Whoops. Freudian slip, maybe?

6pairsofshoes:
Thanks for all the suggestions.  I'm on a tear to finish the Expanse series and with the travel I've been doing lately, that shouldn't take long.  I go through a book every couple of days. 
--- Quote from: smokester on October 09, 2023, 10:50:08 AM ---Hardly what one might call "reading a book" ..., but I treated myself to Lemn Sissay's Let The Love Pour In when it came out.

Must have thumbed through it at least a dozen times so far.

--- End quote ---

That sounds like a great title for a '70's R&B song.

I'll dig around and see what Julian May I can come up with.  slsk is a great resource for that.

6pairsofshoes:
Was it my imagination or was The Many-Colored Land recommended?  This guy is prolific so I'm kind of overwhelmed by the selection.
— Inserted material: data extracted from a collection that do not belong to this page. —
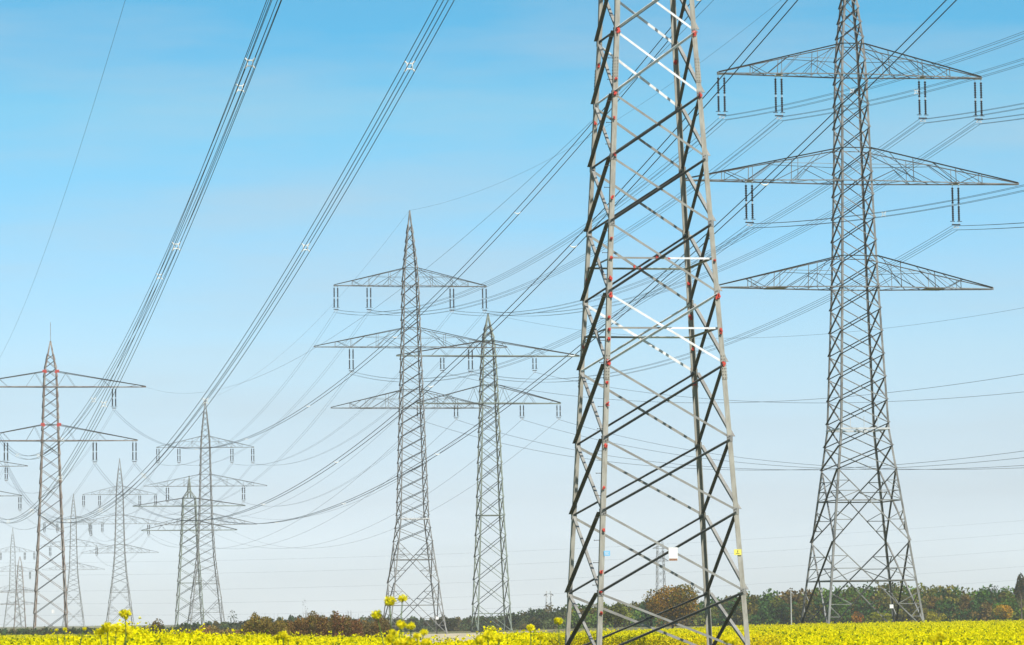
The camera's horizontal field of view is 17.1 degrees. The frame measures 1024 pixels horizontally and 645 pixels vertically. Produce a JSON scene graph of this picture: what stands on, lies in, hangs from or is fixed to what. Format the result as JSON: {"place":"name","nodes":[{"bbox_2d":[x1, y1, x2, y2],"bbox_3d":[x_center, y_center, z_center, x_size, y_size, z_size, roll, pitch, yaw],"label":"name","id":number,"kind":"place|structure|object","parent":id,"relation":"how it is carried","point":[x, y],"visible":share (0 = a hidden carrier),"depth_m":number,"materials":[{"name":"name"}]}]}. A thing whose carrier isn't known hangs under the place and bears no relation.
{"place":"outdoors","nodes":[
{"label":"outdoors","id":0,"kind":"place"},
{"bbox_2d":[0,528,38,627],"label":"lattice tower","id":1,"kind":"structure","parent":0,"point":[15,565],"depth_m":1945.37,"materials":[{"name":"grey metal"}]},
{"bbox_2d":[0,557,38,628],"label":"lattice tower","id":2,"kind":"structure","parent":0,"point":[23,589],"depth_m":1415.14,"materials":[{"name":"metal"}]},
{"bbox_2d":[0,624,811,642],"bbox_3d":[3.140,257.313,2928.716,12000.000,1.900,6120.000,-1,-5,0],"label":"ground","id":3,"kind":"structure","parent":0,"point":[439,632],"depth_m":678.12,"materials":[{"name":"green plant"}]},
{"bbox_2d":[0,461,27,510],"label":"lattice tower","id":4,"kind":"structure","parent":3,"relation":"on","point":[7,480],"depth_m":1032.48,"materials":[{"name":"grey metal"}]},
{"bbox_2d":[11,412,113,492],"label":"conductor bundle","id":5,"kind":"object","parent":4,"relation":"hanging from","point":[79,460],"visible":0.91,"depth_m":769.63,"materials":[{"name":"metal"}]},
{"bbox_2d":[55,627,86,644],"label":"mustard plant","id":6,"kind":"object","parent":3,"relation":"on","point":[65,629],"visible":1,"depth_m":33.87,"materials":[{"name":"yellow plant"}]},
{"bbox_2d":[0,322,145,628],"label":"lattice tower","id":7,"kind":"structure","parent":3,"relation":"on","point":[60,497],"depth_m":687.35,"materials":[{"name":"metal"}]},
{"bbox_2d":[1,465,94,529],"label":"conductor bundle","id":8,"kind":"object","parent":7,"relation":"hanging from","point":[54,514],"visible":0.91,"depth_m":783.56,"materials":[{"name":"metal"}]},
{"bbox_2d":[19,463,133,528],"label":"conductor bundle","id":9,"kind":"object","parent":7,"relation":"hanging from","point":[91,512],"visible":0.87,"depth_m":761.62,"materials":[{"name":"metal"}]},
{"bbox_2d":[40,494,109,627],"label":"lattice tower","id":10,"kind":"structure","parent":3,"relation":"on","point":[76,546],"depth_m":1607.19,"materials":[{"name":"grey metal"}]},
{"bbox_2d":[0,624,178,636],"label":"distant wood","id":11,"kind":"object","parent":3,"relation":"on","point":[28,631],"visible":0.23,"depth_m":642.52,"materials":[{"name":"green plant"}]},
{"bbox_2d":[94,622,132,644],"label":"mustard plant","id":12,"kind":"object","parent":3,"relation":"on","point":[107,627],"visible":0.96,"depth_m":26.88,"materials":[{"name":"yellow plant"}]},
{"bbox_2d":[74,458,166,625],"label":"lattice tower","id":13,"kind":"structure","parent":3,"relation":"on","point":[114,564],"depth_m":1290.58,"materials":[{"name":"grey metal"}]},
{"bbox_2d":[118,609,131,644],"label":"mustard plant","id":14,"kind":"object","parent":3,"relation":"on","point":[125,613],"visible":1,"depth_m":25.88,"materials":[{"name":"yellow plant"}]},
{"bbox_2d":[146,618,164,633],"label":"round bush","id":15,"kind":"object","parent":3,"relation":"on","point":[159,626],"visible":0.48,"depth_m":418.08,"materials":[{"name":"green plant"}]},
{"bbox_2d":[133,477,245,626],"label":"tension tower","id":16,"kind":"structure","parent":3,"relation":"on","point":[179,579],"depth_m":1126.15,"materials":[{"name":"grey metal"}]},
{"bbox_2d":[144,400,266,626],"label":"lattice tower","id":17,"kind":"structure","parent":3,"relation":"on","point":[199,522],"depth_m":974.74,"materials":[{"name":"grey metal"}]},
{"bbox_2d":[83,466,155,515],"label":"conductor bundle","id":18,"kind":"object","parent":17,"relation":"hanging from","point":[128,502],"visible":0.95,"depth_m":1077.38,"materials":[{"name":"metal"}]},
{"bbox_2d":[92,505,166,547],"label":"conductor bundle","id":19,"kind":"object","parent":17,"relation":"hanging from","point":[133,540],"visible":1,"depth_m":1093.32,"materials":[{"name":"metal"}]},
{"bbox_2d":[186,624,237,635],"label":"brush thicket","id":20,"kind":"object","parent":3,"relation":"on","point":[213,629],"visible":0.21,"depth_m":327.62,"materials":[{"name":"brown plant"}]},
{"bbox_2d":[227,610,237,631],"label":"young tree","id":21,"kind":"object","parent":3,"relation":"on","point":[233,621],"visible":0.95,"depth_m":328.71,"materials":[{"name":"green plant"}]},
{"bbox_2d":[238,612,292,636],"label":"brush thicket","id":22,"kind":"object","parent":3,"relation":"on","point":[256,624],"visible":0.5,"depth_m":297.11,"materials":[{"name":"brown plant"}]},
{"bbox_2d":[274,630,301,644],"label":"mustard plant","id":23,"kind":"object","parent":3,"relation":"on","point":[283,635],"visible":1,"depth_m":31.84,"materials":[{"name":"yellow plant"}]},
{"bbox_2d":[287,610,332,636],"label":"brush thicket","id":24,"kind":"object","parent":3,"relation":"on","point":[314,624],"visible":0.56,"depth_m":302.11,"materials":[{"name":"brown plant"}]},
{"bbox_2d":[324,610,364,637],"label":"brush thicket","id":25,"kind":"object","parent":3,"relation":"on","point":[338,624],"visible":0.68,"depth_m":299.10,"materials":[{"name":"brown plant"}]},
{"bbox_2d":[360,617,393,637],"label":"brush thicket","id":26,"kind":"object","parent":3,"relation":"on","point":[371,629],"visible":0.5,"depth_m":307.22,"materials":[{"name":"brown plant"}]},
{"bbox_2d":[167,604,592,632],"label":"distant wood","id":27,"kind":"object","parent":3,"relation":"on","point":[545,617],"visible":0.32,"depth_m":738.06,"materials":[{"name":"green plant"}]},
{"bbox_2d":[371,594,407,644],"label":"mustard plant","id":28,"kind":"object","parent":3,"relation":"on","point":[390,601],"visible":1,"depth_m":25.92,"materials":[{"name":"yellow plant"}]},
{"bbox_2d":[385,633,431,644],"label":"mustard plant","id":29,"kind":"object","parent":3,"relation":"on","point":[402,641],"visible":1,"depth_m":23.88,"materials":[{"name":"yellow plant"}]},
{"bbox_2d":[389,620,428,639],"bbox_3d":[-0.749,3.026,24.825,0.296,1.712,0.168,-1,-5,0],"label":"mustard plant","id":30,"kind":"object","parent":3,"relation":"on","point":[401,624],"visible":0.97,"depth_m":24.92,"materials":[{"name":"yellow plant"}]},
{"bbox_2d":[314,210,506,633],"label":"lattice tower","id":31,"kind":"structure","parent":3,"relation":"on","point":[419,348],"depth_m":614.34,"materials":[{"name":"grey metal"}]},
{"bbox_2d":[160,311,334,465],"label":"conductor bundle","id":32,"kind":"object","parent":31,"relation":"hanging from","point":[267,403],"visible":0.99,"depth_m":707.87,"materials":[{"name":"metal"}]},
{"bbox_2d":[172,377,346,506],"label":"conductor bundle","id":33,"kind":"object","parent":31,"relation":"hanging from","point":[276,460],"visible":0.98,"depth_m":718.75,"materials":[{"name":"metal"}]},
{"bbox_2d":[191,311,367,465],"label":"conductor bundle","id":34,"kind":"object","parent":31,"relation":"hanging from","point":[293,408],"visible":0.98,"depth_m":719.67,"materials":[{"name":"metal"}]},
{"bbox_2d":[216,214,406,395],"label":"overhead wire","id":35,"kind":"object","parent":31,"relation":"attached to","point":[332,304],"visible":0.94,"depth_m":743.78,"materials":[{"name":"metal"}]},
{"bbox_2d":[238,314,450,464],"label":"conductor bundle","id":36,"kind":"object","parent":31,"relation":"hanging from","point":[365,405],"visible":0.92,"depth_m":719.47,"materials":[{"name":"metal"}]},
{"bbox_2d":[247,373,471,505],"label":"conductor bundle","id":37,"kind":"object","parent":31,"relation":"hanging from","point":[383,456],"visible":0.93,"depth_m":719.96,"materials":[{"name":"metal"}]},
{"bbox_2d":[252,312,485,464],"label":"conductor bundle","id":38,"kind":"object","parent":31,"relation":"hanging from","point":[386,411],"visible":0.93,"depth_m":745.05,"materials":[{"name":"metal"}]},
{"bbox_2d":[414,0,780,209],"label":"overhead wire","id":39,"kind":"object","parent":31,"relation":"attached to","point":[609,124],"visible":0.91,"depth_m":454.45,"materials":[{"name":"metal"}]},
{"bbox_2d":[433,617,457,633],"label":"dark bush","id":40,"kind":"object","parent":3,"relation":"on","point":[450,624],"visible":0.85,"depth_m":636.88,"materials":[{"name":"green plant"}]},
{"bbox_2d":[396,314,579,631],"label":"lattice tower","id":41,"kind":"structure","parent":3,"relation":"on","point":[482,355],"depth_m":680.46,"materials":[{"name":"grey metal"}]},
{"bbox_2d":[146,423,415,548],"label":"overhead wire","id":42,"kind":"object","parent":41,"relation":"attached to","point":[315,509],"visible":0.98,"depth_m":788.42,"materials":[{"name":"metal"}]},
{"bbox_2d":[161,378,436,519],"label":"overhead wire","id":43,"kind":"object","parent":41,"relation":"attached to","point":[316,483],"visible":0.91,"depth_m":827.55,"materials":[{"name":"metal"}]},
{"bbox_2d":[169,435,439,548],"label":"overhead wire","id":44,"kind":"object","parent":41,"relation":"attached to","point":[338,514],"visible":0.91,"depth_m":820.14,"materials":[{"name":"metal"}]},
{"bbox_2d":[210,423,517,548],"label":"overhead wire","id":45,"kind":"object","parent":41,"relation":"attached to","point":[369,526],"visible":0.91,"depth_m":856.62,"materials":[{"name":"metal"}]},
{"bbox_2d":[221,372,534,519],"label":"overhead wire","id":46,"kind":"object","parent":41,"relation":"attached to","point":[394,482],"visible":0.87,"depth_m":834.24,"materials":[{"name":"metal"}]},
{"bbox_2d":[233,420,557,547],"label":"overhead wire","id":47,"kind":"object","parent":41,"relation":"attached to","point":[420,516],"visible":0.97,"depth_m":820.20,"materials":[{"name":"metal"}]},
{"bbox_2d":[427,422,1021,469],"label":"overhead wire","id":48,"kind":"object","parent":41,"relation":"attached to","point":[723,469],"visible":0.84,"depth_m":496.68,"materials":[{"name":"metal"}]},
{"bbox_2d":[443,372,1021,402],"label":"overhead wire","id":49,"kind":"object","parent":41,"relation":"attached to","point":[747,402],"visible":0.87,"depth_m":520.19,"materials":[{"name":"metal"}]},
{"bbox_2d":[462,421,1023,469],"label":"overhead wire","id":50,"kind":"object","parent":41,"relation":"attached to","point":[745,468],"visible":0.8,"depth_m":532.06,"materials":[{"name":"metal"}]},
{"bbox_2d":[488,308,1019,337],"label":"overhead wire","id":51,"kind":"object","parent":41,"relation":"attached to","point":[800,335],"visible":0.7,"depth_m":513.86,"materials":[{"name":"metal"}]},
{"bbox_2d":[525,420,1023,469],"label":"overhead wire","id":52,"kind":"object","parent":41,"relation":"attached to","point":[809,467],"visible":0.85,"depth_m":524.37,"materials":[{"name":"metal"}]},
{"bbox_2d":[535,372,1019,402],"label":"overhead wire","id":53,"kind":"object","parent":41,"relation":"attached to","point":[791,402],"visible":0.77,"depth_m":560.39,"materials":[{"name":"metal"}]},
{"bbox_2d":[562,420,1008,469],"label":"overhead wire","id":54,"kind":"object","parent":41,"relation":"attached to","point":[808,464],"visible":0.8,"depth_m":568.08,"materials":[{"name":"metal"}]},
{"bbox_2d":[475,630,502,644],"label":"mustard plant","id":55,"kind":"object","parent":3,"relation":"on","point":[488,635],"visible":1,"depth_m":27.87,"materials":[{"name":"yellow plant"}]},
{"bbox_2d":[503,613,520,627],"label":"dark bush","id":56,"kind":"object","parent":3,"relation":"on","point":[515,619],"visible":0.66,"depth_m":696.88,"materials":[{"name":"green plant"}]},
{"bbox_2d":[0,616,1023,644],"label":"crop","id":57,"kind":"object","parent":3,"relation":"on","point":[993,632],"depth_m":111.41,"materials":[{"name":"yellow plant"}]},
{"bbox_2d":[526,624,544,644],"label":"mustard plant","id":58,"kind":"object","parent":3,"relation":"on","point":[531,628],"visible":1,"depth_m":29.88,"materials":[{"name":"yellow plant"}]},
{"bbox_2d":[528,619,543,629],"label":"dark bush","id":59,"kind":"object","parent":3,"relation":"on","point":[536,624],"visible":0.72,"depth_m":636.75,"materials":[{"name":"green plant"}]},
{"bbox_2d":[544,591,553,611],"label":"lattice tower","id":60,"kind":"structure","parent":3,"relation":"on","point":[550,603],"depth_m":876.79,"materials":[{"name":"metal"}]},
{"bbox_2d":[554,617,562,644],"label":"mustard plant","id":61,"kind":"object","parent":3,"relation":"on","point":[559,621],"visible":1,"depth_m":29.87,"materials":[{"name":"yellow plant"}]},
{"bbox_2d":[603,606,625,629],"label":"tree","id":62,"kind":"object","parent":3,"relation":"on","point":[609,617],"visible":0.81,"depth_m":497.75,"materials":[{"name":"green plant"}]},
{"bbox_2d":[641,594,659,625],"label":"tree","id":63,"kind":"object","parent":3,"relation":"on","point":[646,609],"visible":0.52,"depth_m":522.81,"materials":[{"name":"green plant"}]},
{"bbox_2d":[564,0,749,644],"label":"lattice tower","id":64,"kind":"structure","parent":3,"relation":"on","point":[691,306],"depth_m":156.09,"materials":[{"name":"metal"}]},
{"bbox_2d":[0,2,124,356],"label":"overhead wire","id":65,"kind":"object","parent":64,"relation":"attached to","point":[75,161],"visible":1,"depth_m":272.58,"materials":[{"name":"metal"}]},
{"bbox_2d":[0,0,280,458],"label":"conductor bundle","id":66,"kind":"object","parent":64,"relation":"hanging from","point":[92,401],"visible":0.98,"depth_m":256.29,"materials":[{"name":"metal"}]},
{"bbox_2d":[0,0,281,522],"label":"conductor bundle","id":67,"kind":"object","parent":64,"relation":"hanging from","point":[245,67],"visible":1,"depth_m":205.49,"materials":[{"name":"metal"}]},
{"bbox_2d":[5,0,454,522],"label":"conductor bundle","id":68,"kind":"object","parent":64,"relation":"hanging from","point":[206,399],"visible":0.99,"depth_m":210.57,"materials":[{"name":"metal"}]},
{"bbox_2d":[113,0,700,449],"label":"conductor bundle","id":69,"kind":"object","parent":64,"relation":"hanging from","point":[453,276],"visible":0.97,"depth_m":277.92,"materials":[{"name":"metal"}]},
{"bbox_2d":[150,10,703,392],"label":"overhead wire","id":70,"kind":"object","parent":64,"relation":"attached to","point":[498,207],"visible":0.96,"depth_m":300.74,"materials":[{"name":"metal"}]},
{"bbox_2d":[96,0,797,520],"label":"conductor bundle","id":71,"kind":"object","parent":64,"relation":"hanging from","point":[522,294],"visible":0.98,"depth_m":227.22,"materials":[{"name":"metal"}]},
{"bbox_2d":[136,0,956,523],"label":"conductor bundle","id":72,"kind":"object","parent":64,"relation":"hanging from","point":[672,264],"visible":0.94,"depth_m":212.66,"materials":[{"name":"metal"}]},
{"bbox_2d":[653,541,667,591],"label":"lattice tower","id":73,"kind":"structure","parent":3,"relation":"on","point":[663,576],"depth_m":947.38,"materials":[{"name":"grey metal"}]},
{"bbox_2d":[642,583,699,628],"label":"round tree","id":74,"kind":"object","parent":3,"relation":"on","point":[677,596],"visible":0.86,"depth_m":516.80,"materials":[{"name":"brown plant"}]},
{"bbox_2d":[721,634,736,644],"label":"mustard plant","id":75,"kind":"object","parent":3,"relation":"on","point":[727,639],"visible":1,"depth_m":23.88,"materials":[{"name":"yellow plant"}]},
{"bbox_2d":[789,587,792,623],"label":"pole","id":76,"kind":"object","parent":3,"relation":"on","point":[790,589],"visible":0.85,"depth_m":418.51,"materials":[{"name":"metal"}]},
{"bbox_2d":[559,581,1023,628],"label":"wood","id":77,"kind":"object","parent":3,"relation":"on","point":[961,605],"visible":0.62,"depth_m":671.39,"materials":[{"name":"green plant"}]},
{"bbox_2d":[686,0,1018,624],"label":"lattice tower","id":78,"kind":"structure","parent":3,"relation":"on","point":[781,74],"depth_m":351.05,"materials":[{"name":"grey metal"}]},
{"bbox_2d":[338,116,725,314],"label":"conductor bundle","id":79,"kind":"object","parent":78,"relation":"hanging from","point":[557,242],"visible":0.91,"depth_m":431.81,"materials":[{"name":"metal"}]},
{"bbox_2d":[350,226,753,381],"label":"conductor bundle","id":80,"kind":"object","parent":78,"relation":"hanging from","point":[574,333],"visible":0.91,"depth_m":437.23,"materials":[{"name":"metal"}]},
{"bbox_2d":[370,117,782,315],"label":"conductor bundle","id":81,"kind":"object","parent":78,"relation":"hanging from","point":[603,243],"visible":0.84,"depth_m":428.75,"materials":[{"name":"metal"}]},
{"bbox_2d":[451,119,923,315],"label":"conductor bundle","id":82,"kind":"object","parent":78,"relation":"hanging from","point":[724,242],"visible":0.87,"depth_m":422.73,"materials":[{"name":"metal"}]},
{"bbox_2d":[470,226,956,381],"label":"conductor bundle","id":83,"kind":"object","parent":78,"relation":"hanging from","point":[762,325],"visible":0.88,"depth_m":421.16,"materials":[{"name":"metal"}]},
{"bbox_2d":[484,120,978,315],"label":"conductor bundle","id":84,"kind":"object","parent":78,"relation":"hanging from","point":[790,232],"visible":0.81,"depth_m":419.33,"materials":[{"name":"metal"}]},
{"bbox_2d":[724,31,1023,119],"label":"conductor bundle","id":85,"kind":"object","parent":78,"relation":"hanging from","point":[878,80],"visible":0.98,"depth_m":296.10,"materials":[{"name":"metal"}]},
{"bbox_2d":[751,185,1023,227],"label":"conductor bundle","id":86,"kind":"object","parent":78,"relation":"hanging from","point":[894,210],"visible":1,"depth_m":302.04,"materials":[{"name":"metal"}]},
{"bbox_2d":[781,58,1023,120],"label":"conductor bundle","id":87,"kind":"object","parent":78,"relation":"hanging from","point":[907,92],"visible":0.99,"depth_m":306.61,"materials":[{"name":"metal"}]},
{"bbox_2d":[924,103,1023,123],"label":"conductor bundle","id":88,"kind":"object","parent":78,"relation":"hanging from","point":[974,112],"visible":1,"depth_m":336.92,"materials":[{"name":"metal"}]},
{"bbox_2d":[961,222,1023,229],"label":"conductor bundle","id":89,"kind":"object","parent":78,"relation":"hanging from","point":[990,224],"visible":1,"depth_m":340.96,"materials":[{"name":"metal"}]},
{"bbox_2d":[980,114,1023,123],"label":"conductor bundle","id":90,"kind":"object","parent":78,"relation":"hanging from","point":[1001,117],"visible":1,"depth_m":347.33,"materials":[{"name":"metal"}]},
{"bbox_2d":[851,611,863,622],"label":"autumn bush","id":91,"kind":"object","parent":3,"relation":"on","point":[855,618],"visible":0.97,"depth_m":557.54,"materials":[{"name":"brown plant"}]},
{"bbox_2d":[866,612,891,622],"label":"autumn bush","id":92,"kind":"object","parent":3,"relation":"on","point":[875,616],"visible":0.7,"depth_m":557.47,"materials":[{"name":"green plant"}]},
{"bbox_2d":[925,611,946,621],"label":"autumn bush","id":93,"kind":"object","parent":3,"relation":"on","point":[933,617],"visible":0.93,"depth_m":596.91,"materials":[{"name":"green plant"}]},
{"bbox_2d":[929,629,947,644],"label":"mustard plant","id":94,"kind":"object","parent":3,"relation":"on","point":[941,635],"visible":1,"depth_m":21.88,"materials":[{"name":"yellow plant"}]},
{"bbox_2d":[993,604,1012,620],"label":"autumn bush","id":95,"kind":"object","parent":3,"relation":"on","point":[1005,611],"visible":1,"depth_m":636.93,"materials":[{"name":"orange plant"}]},
{"bbox_2d":[1014,573,1023,620],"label":"tall tree","id":96,"kind":"object","parent":3,"relation":"on","point":[1019,586],"visible":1,"depth_m":637.87,"materials":[{"name":"green plant"}]},
{"bbox_2d":[316,630,552,642],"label":"dirt track","id":97,"kind":"structure","parent":0,"point":[454,635],"depth_m":529.15,"materials":[{"name":"beige soil"}]},
{"bbox_2d":[0,0,1023,626],"label":"sky","id":98,"kind":"structure","parent":0,"point":[501,87],"materials":[{"name":"blue"}]},
{"bbox_2d":[66,520,1021,562],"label":"overhead wire","id":99,"kind":"object","parent":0,"point":[509,551],"visible":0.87,"depth_m":855.13,"materials":[{"name":"metal"}]},
{"bbox_2d":[128,550,1014,590],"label":"overhead wire","id":100,"kind":"object","parent":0,"point":[537,579],"visible":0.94,"depth_m":882.57,"materials":[{"name":"metal"}]},
{"bbox_2d":[121,566,1021,603],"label":"overhead wire","id":101,"kind":"object","parent":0,"point":[504,595],"visible":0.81,"depth_m":897.74,"materials":[{"name":"metal"}]},
{"bbox_2d":[126,533,1021,574],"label":"overhead wire","id":102,"kind":"object","parent":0,"point":[552,562],"visible":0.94,"depth_m":868.84,"materials":[{"name":"metal"}]},
{"bbox_2d":[219,580,1010,614],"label":"overhead wire","id":103,"kind":"object","parent":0,"point":[516,607],"visible":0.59,"depth_m":912.04,"materials":[{"name":"metal"}]}
]}

Some posts disappear and I've been too distracted to remember to quote stuff for safekeeping.

goldshirt*9:
A. J. Smit did a 4 part series called the Black Guard. A tad fantasy but when I read it I thought it wasn't a run of the mill series 🤷‍♂️

6pairsofshoes:
Without internet, I read a lot.  Here's recent musings on books I've finished in the past couple of weeks.

Jas. McBride, Deacon King Kong.  Amusing, although not like the author has lightning bolts coming out of his head or anything.  A sweet little book.

George Elliot, Middlemarch.  Am I getting old or was this a lot longer than necessary?  I prefer Trollope.  Someone said, "you gotta read this, it's by a woman."  So I did.  I still don't get what all the fuss is about.  At least now I can avoid reading anything else by her.  Jane Austen is much better and more succinct among the writers in this genre.

VS Naipaul, A House for Mr. Biswas.  This is a well written book, about a guy who is basically self centered and unlikeable.  I feel sorry for his wife and kids.  Mostly a flashback biography after he dies.  In that, I'm reminded of Joaquim Maria Machado de Assis' Posthumous Memoirs of Bras Cubas, except that the latter is in the first person while Mr. B is told from a 3rd person perspective.  I'm nearly done with it and like it better than the Elliot.